Adding and removing attributes

These special state methods _getstate_ () and _setstate_ () once again allow us to control the state of each instance and give us the opportunity to handle changes in instance properties. Let's look at the definition of a simple class, and we'll add and remove some properties to it. This is the initial definition:


Listing 17. The initial class definition
Copy the Code code as follows:


class Person (object):
def __init__ (self, FirstName, LastName):
Self.firstname = FirstName
Self.lastname = LastName

Assuming that an instance of person has been created and pickle, we now decide to really just store a name attribute instead of storing the first and last names separately. Here's a way to change the definition of a class that migrates previously pickle instances to a new definition:

Copy the Code code as follows:


class Person (object):
def __init__ (self, fullname):
Self.fullname = FullName
def __setstate__ (self, State):
If ' fullname ' not in state:
First = "
Last = "
If ' FirstName ' in state:
First = state[' FirstName ')
Del state[' FirstName ']
If ' LastName ' in state:
last = state[' LastName ']
Del state[' LastName ']
Self.fullname = "". Join ([First, Last]). Strip ()
Self.__dict__.update (state)

In this example, we added a new attribute, FullName, and removed two existing properties FirstName and LastName. When Unpickle is performed on an instance that has previously been pickle, its previously pickle state is passed as a dictionary to _setstate_ (), which will include the values of the FirstName and LastName properties. Next, combine the two values and assign them to the new property, FullName. In this process, we removed the old attribute from the state dictionary. After updating and re-pickle all instances of previous pickle, you can now remove the _setstate_ () method from the class definition.

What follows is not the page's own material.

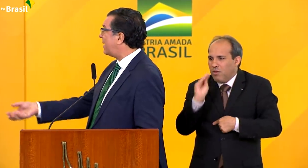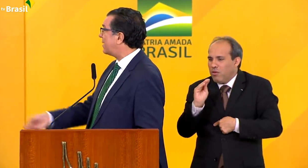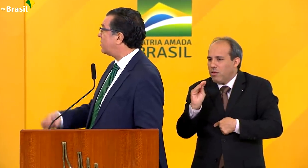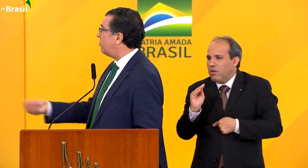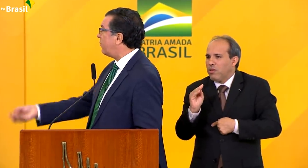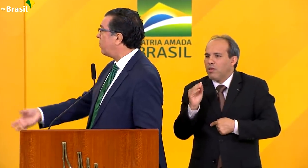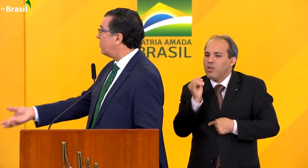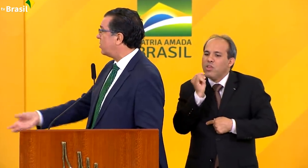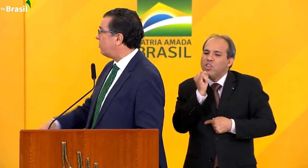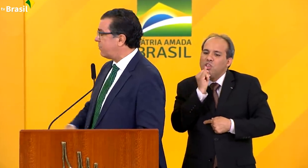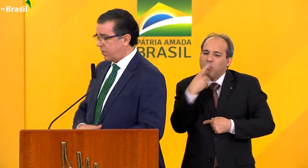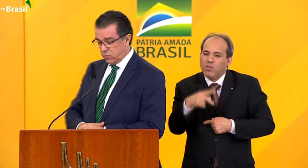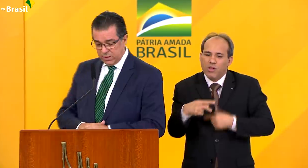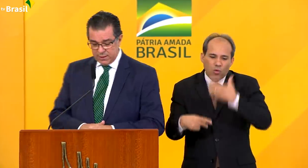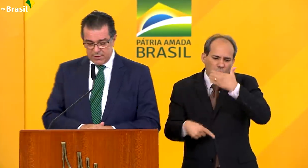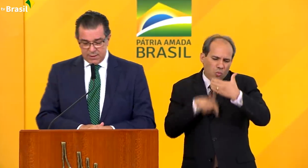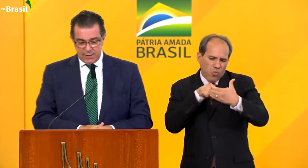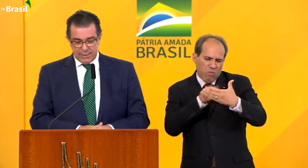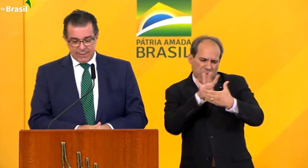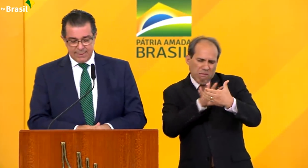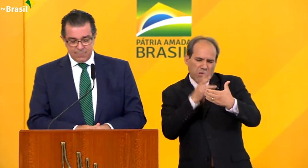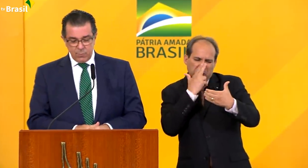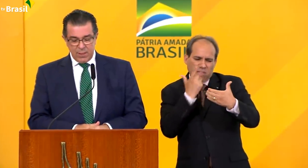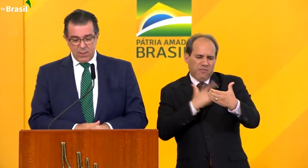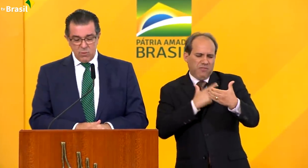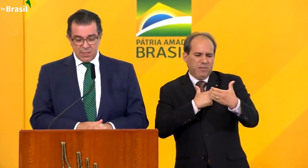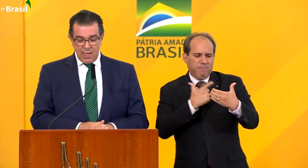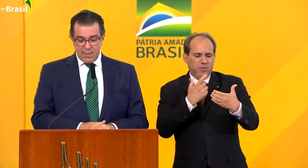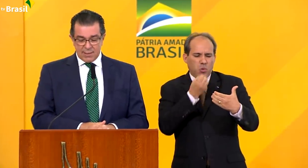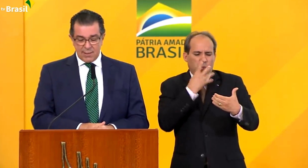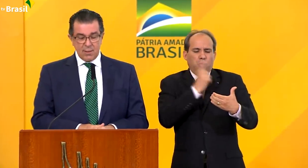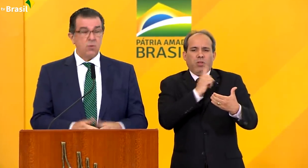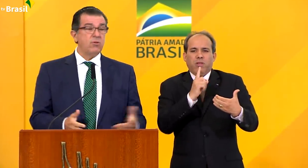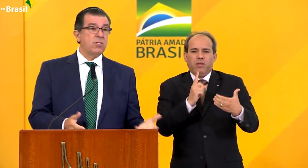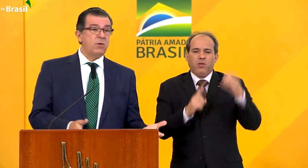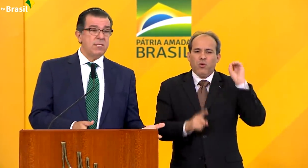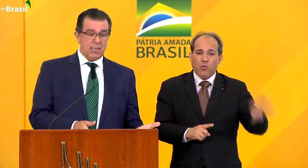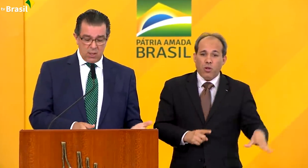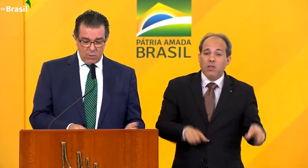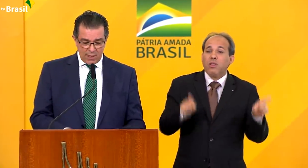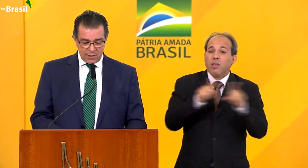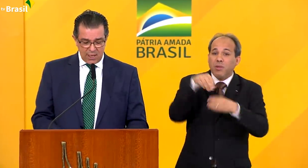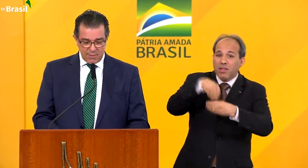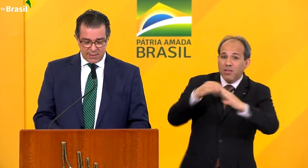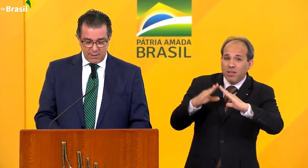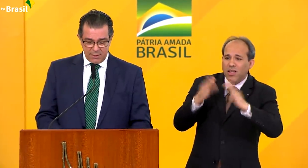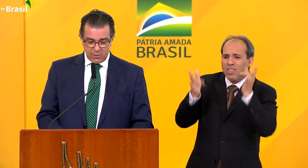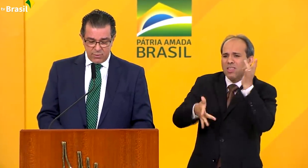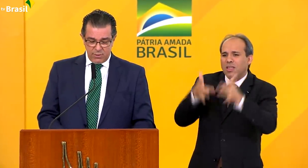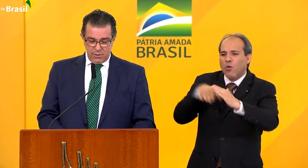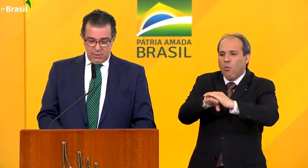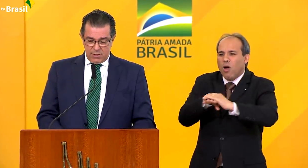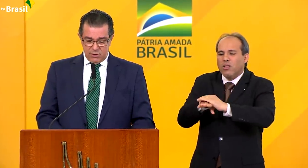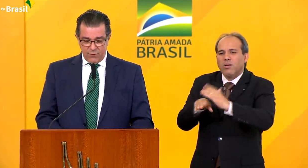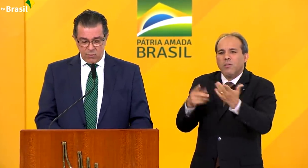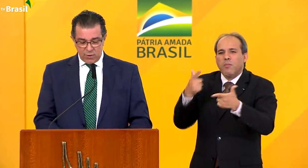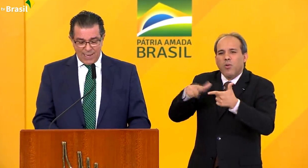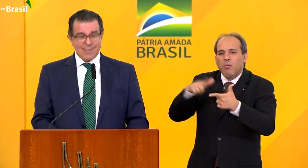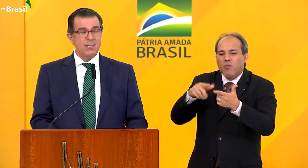qualidade estética de uma fruta, de uma verdura. Nos lares, condições inadequadas de armazenamento,

Modification of the module

Conceptually, the change in the name or location of a module is similar to a change in the class name, but it is handled in a completely different way. That's because the information for the module is stored in pickle, not the properties that can be modified by the standard pickle interface. In fact, the only way to change the module information is to perform a find and replace operation on the actual pickle file itself. As for how to do it exactly, it depends on the specific operating system and the tools available to it. Obviously, in this case, you will want to back up your files to avoid errors. However, this change should be very simple, and making changes to the binary pickle format should be as effective as making changes to the text pickle format.

Conclusion

Object persistence relies on the object serialization capabilities of the underlying programming language. For Python objects that means pickle. Python's Pickle provides a robust and reliable foundation for the effective persistence management of Python objects. In the resources below, you will find information about systems built on top of Python's pickle capabilities.

  • Related Article

    Contact Us

    The content source of this page is from Internet, which doesn't represent Alibaba Cloud's opinion; products and services mentioned on that page don't have any relationship with Alibaba Cloud. If the content of the page makes you feel confusing, please write us an email, we will handle the problem within 5 days after receiving your email.

    If you find any instances of plagiarism from the community, please send an email to: info-contact@alibabacloud.com and provide relevant evidence. A staff member will contact you within 5 working days.

    A Free Trial That Lets You Build Big!

    Start building with 50+ products and up to 12 months usage for Elastic Compute Service

    • Sales Support

      1 on 1 presale consultation

    • After-Sales Support

      24/7 Technical Support 6 Free Tickets per Quarter Faster Response

    • Alibaba Cloud offers highly flexible support services tailored to meet your exact needs.